### About this task
Repeat exactly the line containing "#102631 = CARTESIAN_POINT" and every line after it in the entries, and nothing besides.

[Collected data entries]
┄┄┄┄┄┄┄┄┄┄
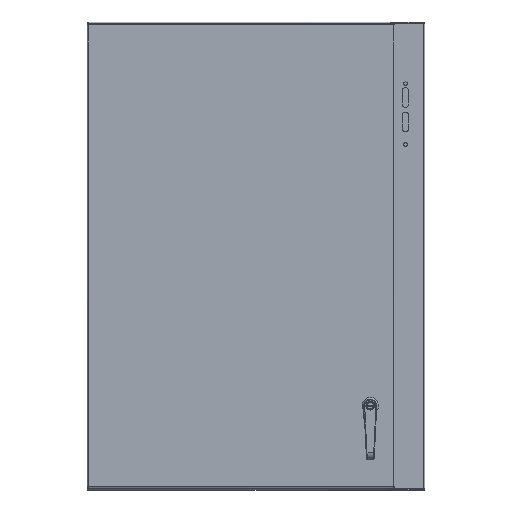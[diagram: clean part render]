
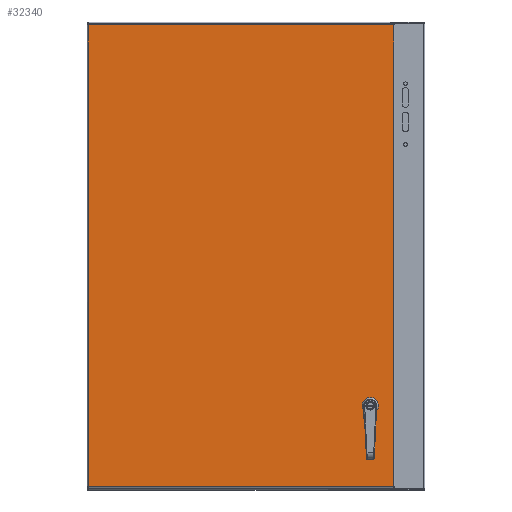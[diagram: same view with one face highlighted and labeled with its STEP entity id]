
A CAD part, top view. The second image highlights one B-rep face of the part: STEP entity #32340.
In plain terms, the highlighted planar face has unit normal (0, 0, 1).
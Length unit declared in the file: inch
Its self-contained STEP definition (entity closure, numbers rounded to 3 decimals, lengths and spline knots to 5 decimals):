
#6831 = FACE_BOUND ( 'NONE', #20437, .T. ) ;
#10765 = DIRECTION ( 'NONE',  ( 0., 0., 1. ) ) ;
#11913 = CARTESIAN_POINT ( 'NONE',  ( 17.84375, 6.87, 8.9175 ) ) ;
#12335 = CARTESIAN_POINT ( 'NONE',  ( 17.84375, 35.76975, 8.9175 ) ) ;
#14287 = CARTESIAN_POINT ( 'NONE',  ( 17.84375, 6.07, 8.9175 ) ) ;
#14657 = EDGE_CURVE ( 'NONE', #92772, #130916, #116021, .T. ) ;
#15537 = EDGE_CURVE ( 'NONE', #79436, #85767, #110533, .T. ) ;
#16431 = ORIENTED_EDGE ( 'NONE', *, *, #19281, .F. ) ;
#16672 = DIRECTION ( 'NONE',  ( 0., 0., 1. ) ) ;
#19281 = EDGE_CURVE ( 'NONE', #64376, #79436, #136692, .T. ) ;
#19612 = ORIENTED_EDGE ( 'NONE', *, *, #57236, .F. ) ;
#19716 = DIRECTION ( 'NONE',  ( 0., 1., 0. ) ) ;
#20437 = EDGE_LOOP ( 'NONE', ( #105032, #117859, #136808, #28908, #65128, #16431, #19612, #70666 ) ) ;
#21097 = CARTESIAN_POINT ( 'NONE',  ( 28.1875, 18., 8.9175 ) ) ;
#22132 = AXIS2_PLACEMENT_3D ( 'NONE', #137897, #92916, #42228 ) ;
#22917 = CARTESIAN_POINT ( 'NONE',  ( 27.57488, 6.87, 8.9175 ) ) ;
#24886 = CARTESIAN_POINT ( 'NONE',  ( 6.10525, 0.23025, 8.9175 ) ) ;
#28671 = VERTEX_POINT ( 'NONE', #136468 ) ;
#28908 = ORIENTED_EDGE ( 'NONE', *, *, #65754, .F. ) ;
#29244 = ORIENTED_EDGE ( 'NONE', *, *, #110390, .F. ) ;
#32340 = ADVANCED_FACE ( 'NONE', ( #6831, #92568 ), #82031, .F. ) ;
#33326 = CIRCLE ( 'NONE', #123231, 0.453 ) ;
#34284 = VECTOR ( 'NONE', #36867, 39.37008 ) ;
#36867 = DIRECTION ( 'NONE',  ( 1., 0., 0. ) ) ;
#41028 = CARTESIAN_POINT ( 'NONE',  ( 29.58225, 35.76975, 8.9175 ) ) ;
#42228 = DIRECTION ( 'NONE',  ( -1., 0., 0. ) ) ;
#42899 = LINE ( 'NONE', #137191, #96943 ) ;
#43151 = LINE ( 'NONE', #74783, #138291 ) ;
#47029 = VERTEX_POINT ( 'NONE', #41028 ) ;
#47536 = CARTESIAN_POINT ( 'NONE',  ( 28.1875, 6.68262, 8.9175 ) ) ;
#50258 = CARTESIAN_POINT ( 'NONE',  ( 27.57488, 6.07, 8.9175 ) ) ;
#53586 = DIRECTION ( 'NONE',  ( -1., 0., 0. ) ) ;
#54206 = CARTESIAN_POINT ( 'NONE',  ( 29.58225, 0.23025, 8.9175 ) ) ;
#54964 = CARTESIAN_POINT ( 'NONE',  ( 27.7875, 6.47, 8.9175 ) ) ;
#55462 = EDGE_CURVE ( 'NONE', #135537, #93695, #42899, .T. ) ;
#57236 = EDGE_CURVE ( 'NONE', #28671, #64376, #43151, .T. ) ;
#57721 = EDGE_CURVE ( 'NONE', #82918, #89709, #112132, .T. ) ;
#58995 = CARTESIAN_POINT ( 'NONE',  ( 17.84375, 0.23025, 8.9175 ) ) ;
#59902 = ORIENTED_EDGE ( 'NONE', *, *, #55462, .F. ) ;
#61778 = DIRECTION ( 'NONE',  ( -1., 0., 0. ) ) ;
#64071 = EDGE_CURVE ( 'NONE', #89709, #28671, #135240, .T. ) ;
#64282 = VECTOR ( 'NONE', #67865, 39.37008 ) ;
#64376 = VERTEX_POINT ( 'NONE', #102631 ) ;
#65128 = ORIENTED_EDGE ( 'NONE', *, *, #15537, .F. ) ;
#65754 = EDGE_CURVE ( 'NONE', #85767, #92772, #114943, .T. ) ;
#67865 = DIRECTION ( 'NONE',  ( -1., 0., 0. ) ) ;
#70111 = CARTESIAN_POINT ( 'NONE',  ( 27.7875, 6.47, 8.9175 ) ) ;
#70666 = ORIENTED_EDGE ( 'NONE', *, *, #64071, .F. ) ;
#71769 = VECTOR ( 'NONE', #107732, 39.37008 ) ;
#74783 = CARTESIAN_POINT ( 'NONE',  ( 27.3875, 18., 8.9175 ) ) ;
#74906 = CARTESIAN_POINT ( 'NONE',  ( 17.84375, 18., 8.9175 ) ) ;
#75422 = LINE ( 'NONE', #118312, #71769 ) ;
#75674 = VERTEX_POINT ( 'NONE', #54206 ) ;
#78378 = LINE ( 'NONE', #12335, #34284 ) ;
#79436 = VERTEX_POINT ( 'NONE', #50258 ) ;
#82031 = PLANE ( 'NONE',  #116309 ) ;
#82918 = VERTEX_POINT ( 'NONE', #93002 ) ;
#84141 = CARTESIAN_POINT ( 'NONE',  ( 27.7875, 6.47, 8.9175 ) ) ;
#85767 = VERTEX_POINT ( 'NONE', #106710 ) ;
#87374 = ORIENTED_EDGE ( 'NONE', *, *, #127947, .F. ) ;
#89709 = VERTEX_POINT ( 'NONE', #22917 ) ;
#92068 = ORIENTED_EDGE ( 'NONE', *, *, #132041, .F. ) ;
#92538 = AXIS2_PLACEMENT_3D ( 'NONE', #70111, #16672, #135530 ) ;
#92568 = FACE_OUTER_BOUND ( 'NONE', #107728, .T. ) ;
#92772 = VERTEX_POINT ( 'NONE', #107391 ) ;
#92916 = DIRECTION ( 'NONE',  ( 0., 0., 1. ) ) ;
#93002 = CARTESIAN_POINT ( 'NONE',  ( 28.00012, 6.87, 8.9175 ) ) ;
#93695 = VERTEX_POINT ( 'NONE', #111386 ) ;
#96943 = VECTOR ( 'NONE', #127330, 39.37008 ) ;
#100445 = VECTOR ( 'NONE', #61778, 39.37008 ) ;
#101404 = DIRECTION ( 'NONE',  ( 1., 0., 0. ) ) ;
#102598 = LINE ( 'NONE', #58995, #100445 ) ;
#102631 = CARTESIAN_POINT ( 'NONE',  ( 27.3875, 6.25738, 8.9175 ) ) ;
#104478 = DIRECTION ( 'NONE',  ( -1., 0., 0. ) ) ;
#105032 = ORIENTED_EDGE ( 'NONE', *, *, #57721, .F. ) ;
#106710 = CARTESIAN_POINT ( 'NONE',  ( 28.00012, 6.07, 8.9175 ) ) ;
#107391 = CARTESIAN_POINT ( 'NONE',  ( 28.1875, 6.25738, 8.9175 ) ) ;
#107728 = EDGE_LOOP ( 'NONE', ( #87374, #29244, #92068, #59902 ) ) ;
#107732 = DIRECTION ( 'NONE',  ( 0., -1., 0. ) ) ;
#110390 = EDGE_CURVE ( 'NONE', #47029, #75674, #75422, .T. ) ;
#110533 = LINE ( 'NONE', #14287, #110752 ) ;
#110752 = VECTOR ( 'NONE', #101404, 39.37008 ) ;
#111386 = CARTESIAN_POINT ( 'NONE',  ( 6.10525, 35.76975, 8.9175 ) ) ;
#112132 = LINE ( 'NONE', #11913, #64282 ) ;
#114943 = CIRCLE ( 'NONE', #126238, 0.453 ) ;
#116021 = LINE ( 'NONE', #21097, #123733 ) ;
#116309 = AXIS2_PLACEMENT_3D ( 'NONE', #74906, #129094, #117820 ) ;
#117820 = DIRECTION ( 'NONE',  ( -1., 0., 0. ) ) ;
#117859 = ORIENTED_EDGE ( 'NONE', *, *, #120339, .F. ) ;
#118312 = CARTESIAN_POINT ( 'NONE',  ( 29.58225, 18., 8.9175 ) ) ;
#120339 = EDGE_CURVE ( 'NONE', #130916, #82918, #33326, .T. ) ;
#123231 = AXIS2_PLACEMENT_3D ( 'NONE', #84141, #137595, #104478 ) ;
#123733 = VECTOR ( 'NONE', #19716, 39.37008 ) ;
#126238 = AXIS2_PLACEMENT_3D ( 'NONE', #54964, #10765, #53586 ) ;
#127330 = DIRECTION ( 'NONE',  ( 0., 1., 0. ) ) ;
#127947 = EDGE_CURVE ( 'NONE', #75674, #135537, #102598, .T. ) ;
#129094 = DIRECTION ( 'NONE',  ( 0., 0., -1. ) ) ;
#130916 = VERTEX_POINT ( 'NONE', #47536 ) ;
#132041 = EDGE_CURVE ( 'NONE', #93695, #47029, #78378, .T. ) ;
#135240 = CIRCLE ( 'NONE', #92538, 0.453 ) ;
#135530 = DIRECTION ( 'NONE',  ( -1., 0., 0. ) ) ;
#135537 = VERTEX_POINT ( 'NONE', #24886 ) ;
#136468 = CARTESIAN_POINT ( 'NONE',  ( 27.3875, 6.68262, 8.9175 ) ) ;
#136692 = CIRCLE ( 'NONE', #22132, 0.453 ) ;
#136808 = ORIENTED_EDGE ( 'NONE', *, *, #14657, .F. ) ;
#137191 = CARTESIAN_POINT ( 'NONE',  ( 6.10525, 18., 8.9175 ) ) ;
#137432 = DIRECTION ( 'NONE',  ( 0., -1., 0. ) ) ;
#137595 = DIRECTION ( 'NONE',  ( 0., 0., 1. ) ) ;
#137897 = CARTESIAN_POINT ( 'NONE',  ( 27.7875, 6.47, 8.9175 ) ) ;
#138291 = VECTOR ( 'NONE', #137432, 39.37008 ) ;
┄┄┄┄┄┄┄┄┄┄
### Task answer
#102631 = CARTESIAN_POINT ( 'NONE',  ( 27.3875, 6.25738, 8.9175 ) ) ;
#104478 = DIRECTION ( 'NONE',  ( -1., 0., 0. ) ) ;
#105032 = ORIENTED_EDGE ( 'NONE', *, *, #57721, .F. ) ;
#106710 = CARTESIAN_POINT ( 'NONE',  ( 28.00012, 6.07, 8.9175 ) ) ;
#107391 = CARTESIAN_POINT ( 'NONE',  ( 28.1875, 6.25738, 8.9175 ) ) ;
#107728 = EDGE_LOOP ( 'NONE', ( #87374, #29244, #92068, #59902 ) ) ;
#107732 = DIRECTION ( 'NONE',  ( 0., -1., 0. ) ) ;
#110390 = EDGE_CURVE ( 'NONE', #47029, #75674, #75422, .T. ) ;
#110533 = LINE ( 'NONE', #14287, #110752 ) ;
#110752 = VECTOR ( 'NONE', #101404, 39.37008 ) ;
#111386 = CARTESIAN_POINT ( 'NONE',  ( 6.10525, 35.76975, 8.9175 ) ) ;
#112132 = LINE ( 'NONE', #11913, #64282 ) ;
#114943 = CIRCLE ( 'NONE', #126238, 0.453 ) ;
#116021 = LINE ( 'NONE', #21097, #123733 ) ;
#116309 = AXIS2_PLACEMENT_3D ( 'NONE', #74906, #129094, #117820 ) ;
#117820 = DIRECTION ( 'NONE',  ( -1., 0., 0. ) ) ;
#117859 = ORIENTED_EDGE ( 'NONE', *, *, #120339, .F. ) ;
#118312 = CARTESIAN_POINT ( 'NONE',  ( 29.58225, 18., 8.9175 ) ) ;
#120339 = EDGE_CURVE ( 'NONE', #130916, #82918, #33326, .T. ) ;
#123231 = AXIS2_PLACEMENT_3D ( 'NONE', #84141, #137595, #104478 ) ;
#123733 = VECTOR ( 'NONE', #19716, 39.37008 ) ;
#126238 = AXIS2_PLACEMENT_3D ( 'NONE', #54964, #10765, #53586 ) ;
#127330 = DIRECTION ( 'NONE',  ( 0., 1., 0. ) ) ;
#127947 = EDGE_CURVE ( 'NONE', #75674, #135537, #102598, .T. ) ;
#129094 = DIRECTION ( 'NONE',  ( 0., 0., -1. ) ) ;
#130916 = VERTEX_POINT ( 'NONE', #47536 ) ;
#132041 = EDGE_CURVE ( 'NONE', #93695, #47029, #78378, .T. ) ;
#135240 = CIRCLE ( 'NONE', #92538, 0.453 ) ;
#135530 = DIRECTION ( 'NONE',  ( -1., 0., 0. ) ) ;
#135537 = VERTEX_POINT ( 'NONE', #24886 ) ;
#136468 = CARTESIAN_POINT ( 'NONE',  ( 27.3875, 6.68262, 8.9175 ) ) ;
#136692 = CIRCLE ( 'NONE', #22132, 0.453 ) ;
#136808 = ORIENTED_EDGE ( 'NONE', *, *, #14657, .F. ) ;
#137191 = CARTESIAN_POINT ( 'NONE',  ( 6.10525, 18., 8.9175 ) ) ;
#137432 = DIRECTION ( 'NONE',  ( 0., -1., 0. ) ) ;
#137595 = DIRECTION ( 'NONE',  ( 0., 0., 1. ) ) ;
#137897 = CARTESIAN_POINT ( 'NONE',  ( 27.7875, 6.47, 8.9175 ) ) ;
#138291 = VECTOR ( 'NONE', #137432, 39.37008 ) ;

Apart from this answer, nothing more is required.